Sunday, March 16, 2008

The Case for Pacing Your Efforts

Let me start off this post by saying that I love EDT (escalating density training) and I am very impressed with all the things that CrossFit has done/is doing for the fitness industry. That said, I see the wisdom in training with a slower tempo depending on training goals. In my own training, I am trying to realign my training methods with my goals and have decided that pace work will be a necessity if I want to compete in girevoy sport and not embarrass myself.

One of the lessons that I took home from Catherine Imes' workshop was the idea of training lifts at a steady and controlled pace. For example, instead of doing as many jerks as possible in 5:00, do 30 jerks in 5:00 (1 repetition every 10 seconds). Obviously, with this kind of training, you find yourself simply holding the weight in the overhead and rack positions for longer periods of time, but the actual repetitions themselves are still fast.

                                   

    The Overhead Position                      The "Rack" Position

(rest position for the snatch)             (rest position for the jerk)

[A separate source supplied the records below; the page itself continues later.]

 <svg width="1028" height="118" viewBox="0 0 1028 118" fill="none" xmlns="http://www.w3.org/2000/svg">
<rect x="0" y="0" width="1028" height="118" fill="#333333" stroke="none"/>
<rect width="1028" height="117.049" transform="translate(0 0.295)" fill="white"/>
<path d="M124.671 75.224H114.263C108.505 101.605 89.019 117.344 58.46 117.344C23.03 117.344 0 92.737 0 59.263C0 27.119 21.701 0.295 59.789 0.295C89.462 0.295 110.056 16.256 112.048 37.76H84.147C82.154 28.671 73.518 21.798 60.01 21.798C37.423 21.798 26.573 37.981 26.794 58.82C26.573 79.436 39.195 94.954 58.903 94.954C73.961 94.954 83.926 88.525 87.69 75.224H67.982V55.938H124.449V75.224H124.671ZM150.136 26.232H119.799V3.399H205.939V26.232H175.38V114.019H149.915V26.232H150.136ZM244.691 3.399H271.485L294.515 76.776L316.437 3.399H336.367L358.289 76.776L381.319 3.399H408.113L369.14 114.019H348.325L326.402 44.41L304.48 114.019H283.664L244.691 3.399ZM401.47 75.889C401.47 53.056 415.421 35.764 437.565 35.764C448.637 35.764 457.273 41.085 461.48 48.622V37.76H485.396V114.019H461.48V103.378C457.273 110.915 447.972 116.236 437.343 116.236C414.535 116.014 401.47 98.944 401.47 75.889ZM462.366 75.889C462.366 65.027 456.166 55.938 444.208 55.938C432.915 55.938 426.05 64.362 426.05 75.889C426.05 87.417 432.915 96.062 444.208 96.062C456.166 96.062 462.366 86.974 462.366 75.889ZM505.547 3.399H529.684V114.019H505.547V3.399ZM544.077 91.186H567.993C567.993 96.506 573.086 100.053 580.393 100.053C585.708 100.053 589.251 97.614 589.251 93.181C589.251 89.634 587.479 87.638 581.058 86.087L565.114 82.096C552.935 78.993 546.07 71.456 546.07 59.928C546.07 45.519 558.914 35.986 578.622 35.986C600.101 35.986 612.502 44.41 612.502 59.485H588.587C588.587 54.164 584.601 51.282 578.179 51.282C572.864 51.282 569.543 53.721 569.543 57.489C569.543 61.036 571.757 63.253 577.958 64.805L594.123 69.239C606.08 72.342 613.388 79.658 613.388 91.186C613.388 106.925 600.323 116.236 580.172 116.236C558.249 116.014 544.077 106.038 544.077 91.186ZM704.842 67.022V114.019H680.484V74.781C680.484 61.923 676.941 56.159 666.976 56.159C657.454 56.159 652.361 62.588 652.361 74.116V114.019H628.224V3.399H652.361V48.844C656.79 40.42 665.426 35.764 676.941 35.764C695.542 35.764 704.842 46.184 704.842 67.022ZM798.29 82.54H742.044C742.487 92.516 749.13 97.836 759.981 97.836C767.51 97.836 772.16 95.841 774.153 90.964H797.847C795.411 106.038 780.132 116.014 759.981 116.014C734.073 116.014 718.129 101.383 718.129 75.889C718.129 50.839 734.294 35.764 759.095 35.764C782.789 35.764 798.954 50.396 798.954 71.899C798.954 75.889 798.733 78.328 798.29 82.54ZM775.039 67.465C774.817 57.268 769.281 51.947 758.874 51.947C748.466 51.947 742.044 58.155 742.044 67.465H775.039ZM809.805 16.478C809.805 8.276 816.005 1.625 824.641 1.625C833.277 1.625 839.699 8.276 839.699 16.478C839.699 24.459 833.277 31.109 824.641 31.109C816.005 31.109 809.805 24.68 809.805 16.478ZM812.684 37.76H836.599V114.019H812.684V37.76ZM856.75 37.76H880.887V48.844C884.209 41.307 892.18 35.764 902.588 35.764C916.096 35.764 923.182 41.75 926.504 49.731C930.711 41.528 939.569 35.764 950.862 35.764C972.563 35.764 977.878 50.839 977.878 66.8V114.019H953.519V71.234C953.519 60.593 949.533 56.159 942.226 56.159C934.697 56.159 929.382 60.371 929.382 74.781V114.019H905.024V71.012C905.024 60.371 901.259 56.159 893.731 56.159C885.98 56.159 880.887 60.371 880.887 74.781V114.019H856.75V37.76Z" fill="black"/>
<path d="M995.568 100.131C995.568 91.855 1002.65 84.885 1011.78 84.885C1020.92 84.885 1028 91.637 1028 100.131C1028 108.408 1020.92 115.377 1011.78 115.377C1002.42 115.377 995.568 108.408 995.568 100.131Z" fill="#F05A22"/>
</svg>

Pacing your work in this way does a few things:

1) Forces you to find a way to "relax" inbetween repetitions
- although it is definately not easy to stand in one position with a heavy weight bearing down on you, it can be considered a VERY active rest rather than an exertion

2) Develops patience and pain tolerance
- more time in a given bout = more opportunities for you mind and body to say "Hey, why don't you just set down the weight and relax a little?". In addition, it requires patience and will to not start panicking and pick up the pace when you begin sucking wind

3) Develops supportive strength
- strong bones, tendons, and ligaments are as important to strength as muscles are and time under tension in the beginning or lockout position is, arguably, a more efficient way to do it

4) Allows you more time to concentrate on technique rather than repetitions
- despite every approach's admonition to never sacrifice quality for quantity, when the goal is to get as many repetitions as possible, form will be sacrificed, especially in people who have not developed strong technical habits to begin with

The first three qualities above are all-important when you are given 10:00 to complete as many repetitions as possible without setting the bell down and (in the kettlebell snatch) when you are only allowed one hand switch. #4 (focus on technique rather than reps) is an important quality for training. In competition, you need to "be the squirrel".

In training, it is important to evaluate rep efficiency and paced training can be a important tool in the toolbox to do this. If I were to liken it to competitive swimming, I would compare it to swimmers who, year after year, churn away without regard to stroke efficiency - although their conditioning may continue to improve, without maximizing distance per stroke and only focusing on stroke rate, their gains are nowhere near their maximum potential.

4 comments:

Snizshizzle said...

I did this on my light days while doing ROP and it helped out A LOT.

I found myself rushing through my snatches and it just made my form deteriorate. I would tire myself out in seconds.

Pacing really makes your snatches a lot more efficient and effective.

Franklin said...

I just watched your 50 rep 32kg snatch youtube video .. an outstanding feat and incredibly inspirational. I'm happy that Master of Sport Catherine Imes was able help you improve on your technique.

Catherine Imes said...

Nice post Boris. Yes, I watched your video, and will rewatch it, but it looked pretty good.

I would be interested in seeing what you could do with the 24kg as a baseline. When you feel like doing a paced test, let me know how you do. I would see how long you could go at around 15rpm and note where your failure point is, ect.

Boris said...

Snizshizzle,
Thanks for dropping in. I agree completely.

Franklin,
Thanks. Someday, I'd like to get more than that/hand, but got a long way to go.

Catherine,
Thanks for checking the video! I will try the 24 kg, 15rpm sometime in the next couple of weeks.